The task: Without its pictures, the listing below is to be transcribed exactly.

····················

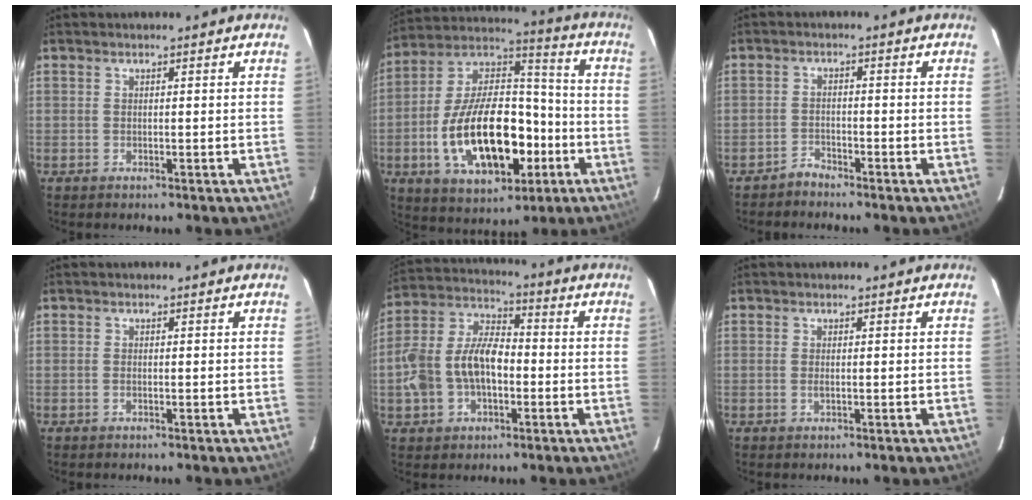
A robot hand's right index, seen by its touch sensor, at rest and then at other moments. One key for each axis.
{"total": 23.3, "fx": -6.8, "fy": 12.3, "fz": 18.6, "tx": -0.352, "ty": 0.020, "tz": -0.098}
{"total": 2.1, "fx": -2.0, "fy": 0.6, "fz": 0.0, "tx": 0.001, "ty": 0.003, "tz": -0.039}
{"total": 0.7, "fx": -0.3, "fy": 0.4, "fz": 0.4, "tx": -0.010, "ty": 0.000, "tz": -0.007}
{"total": 13.3, "fx": -2.8, "fy": 8.4, "fz": 10.0, "tx": -0.216, "ty": 0.021, "tz": -0.049}
{"total": 0.7, "fx": -0.1, "fy": 0.2, "fz": 0.7, "tx": -0.015, "ty": 0.000, "tz": -0.002}

····················

Reply to the task:
A robot hand's right index, seen by its touch sensor, at rest and then at other moments. One key for each axis.
{"total": 23.3, "fx": -6.8, "fy": 12.3, "fz": 18.6, "tx": -0.352, "ty": 0.020, "tz": -0.098}
{"total": 2.1, "fx": -2.0, "fy": 0.6, "fz": 0.0, "tx": 0.001, "ty": 0.003, "tz": -0.039}
{"total": 0.7, "fx": -0.3, "fy": 0.4, "fz": 0.4, "tx": -0.010, "ty": 0.000, "tz": -0.007}
{"total": 13.3, "fx": -2.8, "fy": 8.4, "fz": 10.0, "tx": -0.216, "ty": 0.021, "tz": -0.049}
{"total": 0.7, "fx": -0.1, "fy": 0.2, "fz": 0.7, "tx": -0.015, "ty": 0.000, "tz": -0.002}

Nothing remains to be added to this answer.